Introduction to build_MiniLLM_from_scratch
1. Overview
The project "build_MiniLLM_from_scratch" aims at constructing a miniature large language model (LLM) through stages such as pre-training, instruction fine-tuning, reward modeling, and reinforcement learning. The primary goal is to develop a chat model capable of performing simple conversational tasks with a controlled cost. Currently, the project has completed the first two stages.
Key Features
- Utilizes the Bert4Torch training framework, known for its simple and efficient code.
- Trained checkpoints seamlessly integrate with the
transformers
package, providing flexibility for inference. - Optimized file reading approach to enhance memory usage during training.
- Complete training logs are provided for reproducibility and comparison.
- Includes a self-recognition dataset allowing customization of robot attributes such as name and author.
- The chat model supports multi-turn conversations.
Disclaimer
The model developed through this project is currently limited to simple conversational functionality due to constraints in corpus size, model scale, and the size and quality of fine-tuning data. It is not equipped to answer complex questions.
2. Getting Started
Environment Installation
To set up the environment, use the following commands:
pip install git+https://github.com/Tongjilibo/torch4keras.git
pip install git+https://github.com/Tongjilibo/bert4torch.git@dev
Script Instructions
-
Pretraining
- Navigate to the pretrain directory and execute the pretrain script:
cd pretrain torchrun --standalone --nproc_per_node=4 pretrain.py
-
Pretraining Inference (Command-line Chat)
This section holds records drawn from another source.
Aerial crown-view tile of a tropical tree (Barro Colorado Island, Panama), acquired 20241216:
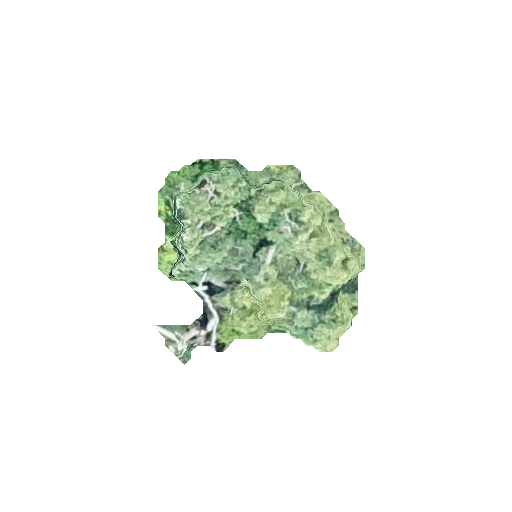
Species: Lonchocarpus heptaphyllus
GBIF accepted scientific name: Lonchocarpus heptaphyllus
Crown area: 44.357 m²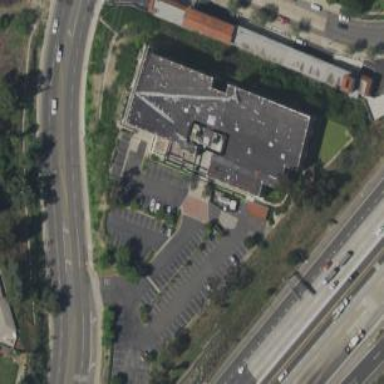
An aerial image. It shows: Office building.
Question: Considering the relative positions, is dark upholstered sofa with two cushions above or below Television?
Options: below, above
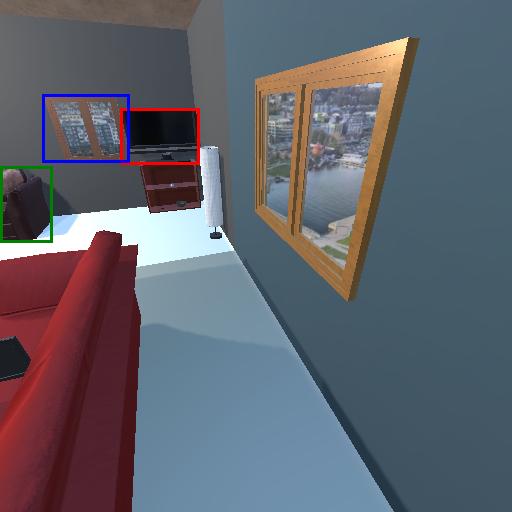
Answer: below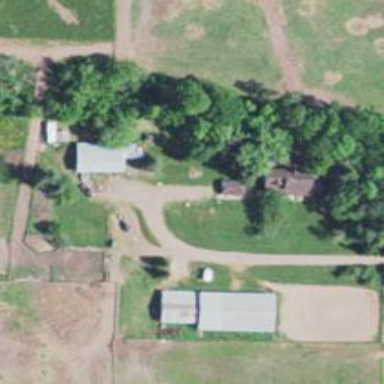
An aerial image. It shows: Driveway.

cd pretrain python infer.py
-
Instruction Fine-Tuning
cd sft python sft.py
-
Instruction Fine-Tuning Inference (Command-line Chat)
cd sft python infer.py
-
Convert Checkpoints to Transformers Format
cd docs python convert.py
3. Update History
- April 3, 2024: Introduced MiniLLM-0.2B-WithWudao-SFT, trained on 11.57 million samples, supporting multi-round conversations.
- March 25, 2024: Introduced a new 1.1B model.
- March 16, 2024: Initial commit with pre-trained models MiniLLM-0.2B-NoWudao and MiniLLM-0.2B-WithWudao; and SFT model MiniLLM-0.2B-WithWudao-SFT_Alpaca.
4. Pre-Training
4.1 Pre-Training Corpus
The pre-training corpus includes a variety of datasets such as Chinese Wikipedia, BaiduBaike, C4_zh, WuDaoCorpora, and a portion of medical data from shibing624. The total corpus consists of 63.4 billion tokens.
4.2 Pre-Training Weights and Process
Three sets of pre-training weights have been developed, each with different configurations and dataset coverage. A summary of these configurations includes:
-
MiniLLM-0.2B-NoWudao trained on 14 billion tokens utilizing datasets such as Chinese Wikipedia and medical data. This was achieved using 4 A800 GPUs for a duration of 20 hours.
-
MiniLLM-0.2B-WithWudao was trained on 64 billion tokens, covering a larger dataset selection, consuming 4 A800 GPUs over 3.79 days.
-
MiniLLM-1.1B-WithWudao involved a more extensive setup, using 8 A800 GPUs and completing in a single day.
4.3 Using the Pre-trained Model
A demonstration of using the pre-trained weights utilizing the transformers
library is shown below:
from transformers import AutoTokenizer, LlamaForCausalLM
import torch
device = 'cuda' if torch.cuda.is_available() else 'cpu'
model_name = 'Tongjilibo/MiniLLM-0.2B-WithWudao'
tokenizer = AutoTokenizer.from_pretrained(model_name, trust_remote_code=True)
model = LlamaForCausalLM.from_pretrained(model_name).to(device)
query = '王鹏是一名'
inputs = tokenizer.encode(query, return_tensors='pt', add_special_tokens=False).to(device)
output_ids = model.generate(inputs)
response = tokenizer.decode(output_ids[0].cpu(), skip_special_tokens=True)
print(response)
5. Instruction Fine-Tuning
5.1 Instruction Fine-Tuning Data
The selection of datasets for instruction fine-tuning includes various high-quality resources such as Alpaca-ZH, BelleGroup's datasets, and others focusing on multi-turn dialogues and diverse task instructions.
5.2 Fine-Tuning Weights and Process
Instruction fine-tuning was performed on multiple weights, notably:
-
MiniLLM-0.2B-WithWudao-SFT_Alpaca was trained using over 40,000 samples on a single 4090 GPU for 45 minutes.
-
MiniLLM-0.2B-WithWudao-SFT utilized 11.57 million samples, executed on dual A800 GPUs for approximately 4.5 days.
These processes aim to refine the model's conversational and task-following abilities, enhancing its utility in chat applications.